Né en Virginie, Benjamin Booker a grandi en Floride et déménagé, après ses études universitaires à Gainesville, à La Nouvelle-Orléans pour y travailler pour un OSBL. Influencé dès son enfance par le gospel et le blues glanés dans les influences musicales familiales – Mahalia Jackson, Sister Rosetta Tharpe, etc. -, puis à l’adolescence par une multitude de groupes punk qu’il découvrait graduellement sur scène, il s’est forgé un style bien à lui, au confluent du blues rock et du punk rock. « J’essaie de ne pas me concentrer sur un genre très précis à chaque fois, explique Booker. Si la guitare est très heavy ou punk, je vais essayer d’utiliser une mélodie plus gospel. J’essayais de mélanger les choses un peu. »

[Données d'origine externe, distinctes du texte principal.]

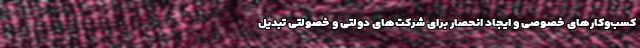
کسب‌وکارهای خصوصی و ایجاد انحصار برای شرکت‌های دولتی و خصولتی تبدیل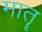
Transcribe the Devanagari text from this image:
मातॄ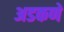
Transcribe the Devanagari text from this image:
अडकणे
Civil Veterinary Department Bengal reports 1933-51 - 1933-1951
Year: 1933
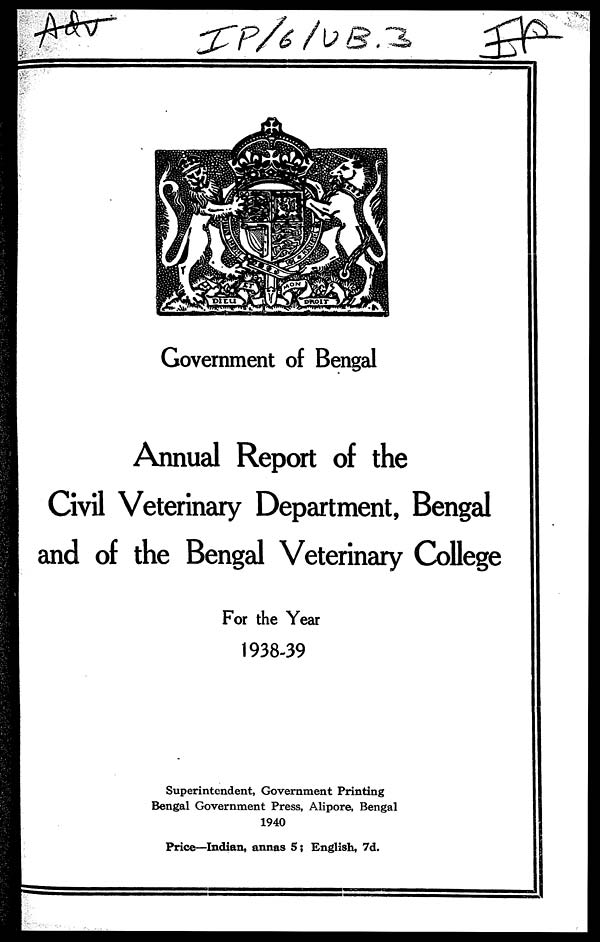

Cet amalgame lui réussit fort bien, puisqu’après le succès de son premier simple, Violent Shiver, son premier album homonyme a connu la gloire, autant auprès des critiques que du public. Invité sur de nombreux plateaux de télévision aux États-Unis et en Europe, il propage sa voix graveleuse, ses riffs de guitare excités, et ses textes parfois très engagés.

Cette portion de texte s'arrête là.